__TASK__. An unchanged copy of each entry below is needed; keep the pictures out of it.

__SUPPLIED RECORDS__.
# # #
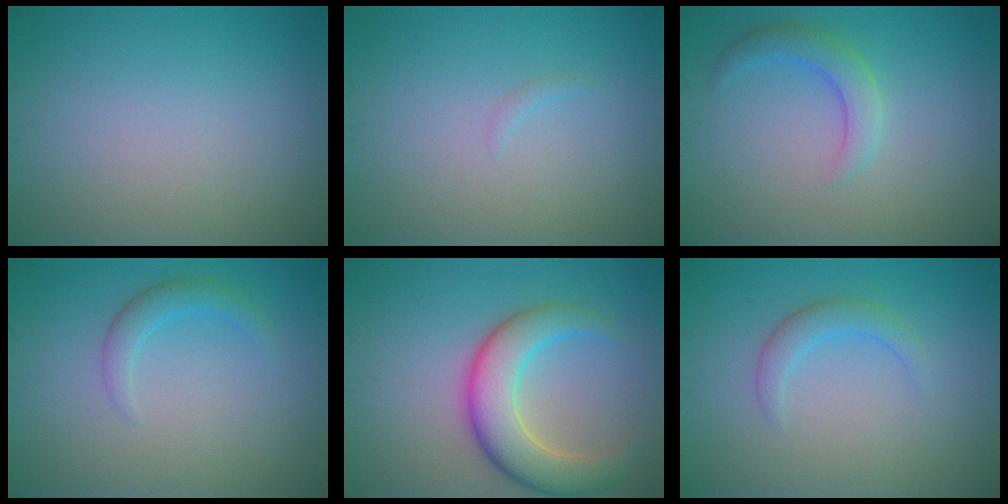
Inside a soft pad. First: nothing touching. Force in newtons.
{"total": 0.5, "press": 0.5, "slide": 0.1}
{"total": 2.6, "press": 2.6, "slide": 0.1}
{"total": 1.9, "press": 1.9, "slide": 0.1}
{"total": 6.6, "press": 6.6, "slide": 0.2}
{"total": 2.0, "press": 2.0, "slide": 0.1}
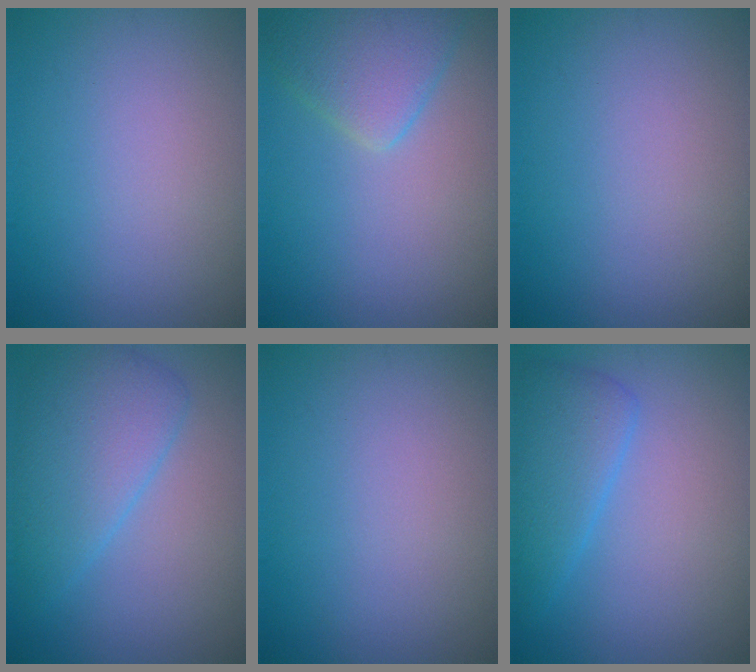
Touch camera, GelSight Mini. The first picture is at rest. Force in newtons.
{"total": 3.9, "press": 3.9, "slide": 0.2}
{"total": 0.0}
{"total": 4.7, "press": 4.7, "slide": 0.3}
{"total": 0.0}
{"total": 3.5, "press": 3.5, "slide": 0.1}
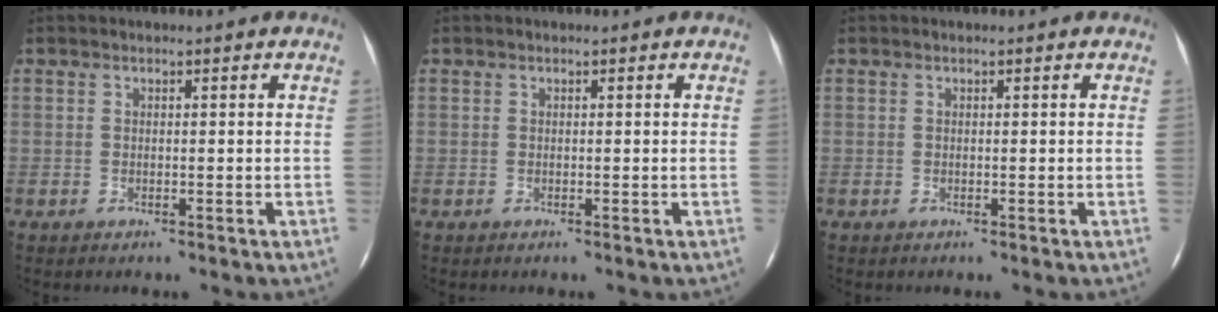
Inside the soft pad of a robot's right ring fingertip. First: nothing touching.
{"total": 0.0}
{"total": 0.0}
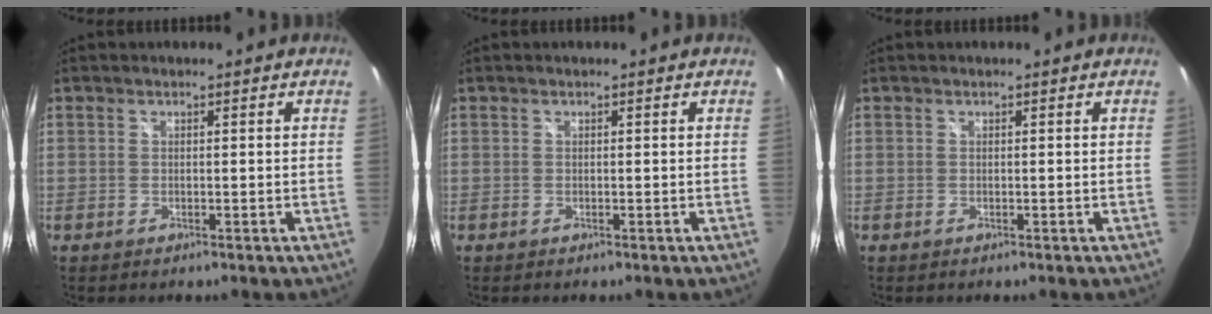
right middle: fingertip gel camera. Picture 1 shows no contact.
{"total": 0.0}
{"total": 0.0}
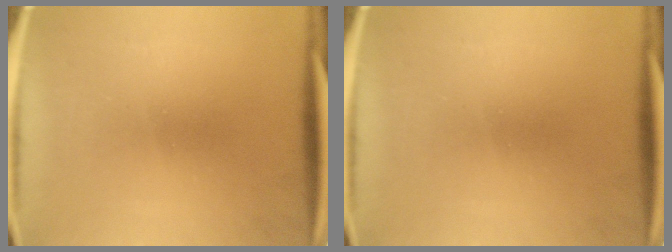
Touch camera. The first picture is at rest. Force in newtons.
{"total": 0.0}
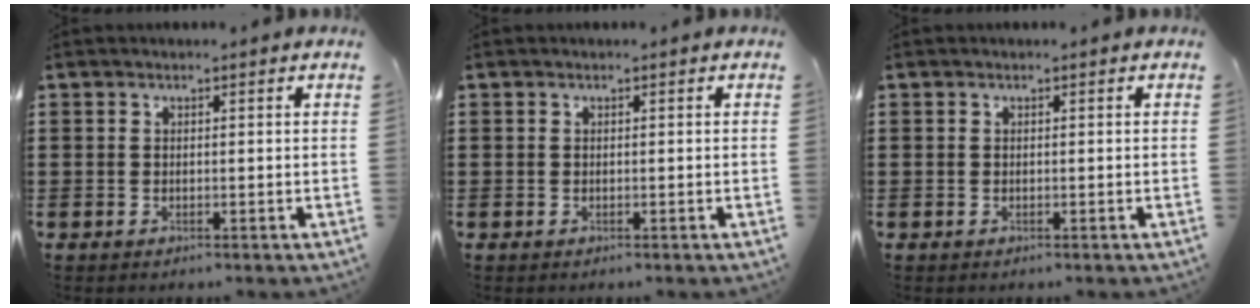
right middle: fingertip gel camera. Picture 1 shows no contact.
{"total": 0.0}
{"total": 0.0}
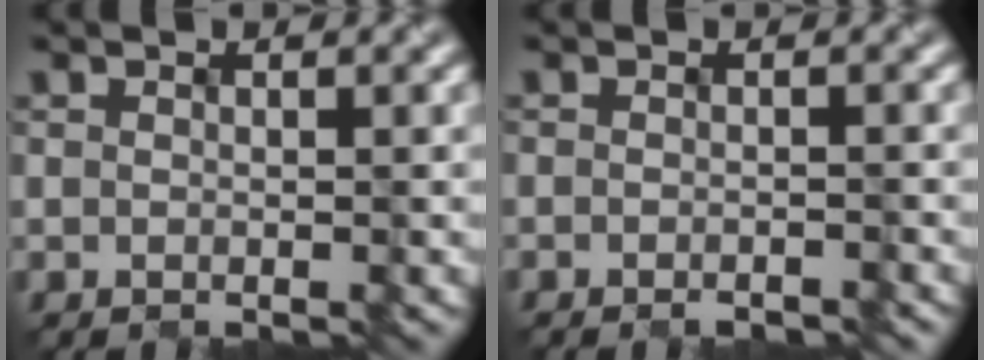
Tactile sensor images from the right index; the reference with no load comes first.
{"total": 0.8, "force": [-0.7, 0.0, 0.4], "torque": [-0.004, -0.002, -0.014]}
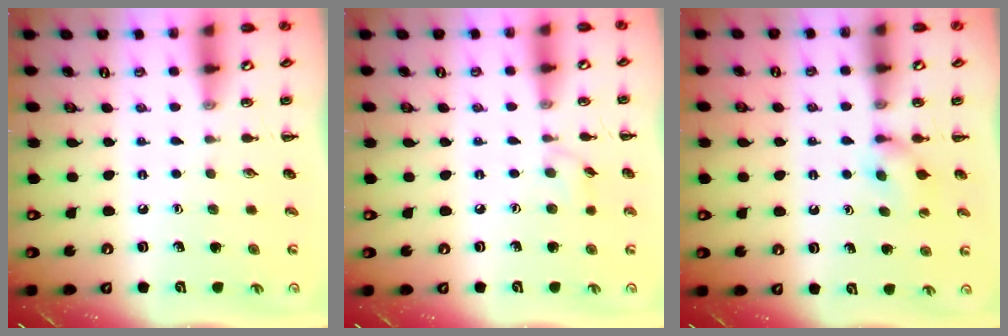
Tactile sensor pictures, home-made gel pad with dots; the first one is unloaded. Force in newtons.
{"total": 3.5, "press": 3.4, "slide": 1.0}
{"total": 4.4, "press": 4.2, "slide": 1.2}
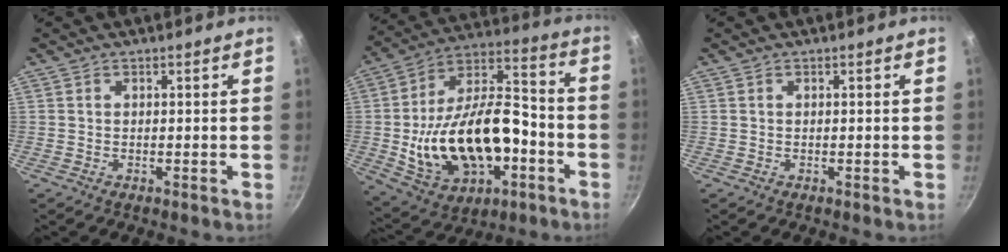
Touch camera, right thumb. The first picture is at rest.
{"total": 25.7, "force": [-5.8, 14.9, 20.1], "torque": [-0.341, 0.056, -0.078]}
{"total": 0.0}
# # #
__OUTPUT OF THE EXERCISE__.
Inside a soft pad. First: nothing touching. Force in newtons.
{"total": 0.5, "press": 0.5, "slide": 0.1}
{"total": 2.6, "press": 2.6, "slide": 0.1}
{"total": 1.9, "press": 1.9, "slide": 0.1}
{"total": 6.6, "press": 6.6, "slide": 0.2}
{"total": 2.0, "press": 2.0, "slide": 0.1}
Touch camera, GelSight Mini. The first picture is at rest. Force in newtons.
{"total": 3.9, "press": 3.9, "slide": 0.2}
{"total": 0.0}
{"total": 4.7, "press": 4.7, "slide": 0.3}
{"total": 0.0}
{"total": 3.5, "press": 3.5, "slide": 0.1}
Inside the soft pad of a robot's right ring fingertip. First: nothing touching.
{"total": 0.0}
{"total": 0.0}
right middle: fingertip gel camera. Picture 1 shows no contact.
{"total": 0.0}
{"total": 0.0}
Touch camera. The first picture is at rest. Force in newtons.
{"total": 0.0}
right middle: fingertip gel camera. Picture 1 shows no contact.
{"total": 0.0}
{"total": 0.0}
Tactile sensor images from the right index; the reference with no load comes first.
{"total": 0.8, "force": [-0.7, 0.0, 0.4], "torque": [-0.004, -0.002, -0.014]}
Tactile sensor pictures, home-made gel pad with dots; the first one is unloaded. Force in newtons.
{"total": 3.5, "press": 3.4, "slide": 1.0}
{"total": 4.4, "press": 4.2, "slide": 1.2}
Touch camera, right thumb. The first picture is at rest.
{"total": 25.7, "force": [-5.8, 14.9, 20.1], "torque": [-0.341, 0.056, -0.078]}
{"total": 0.0}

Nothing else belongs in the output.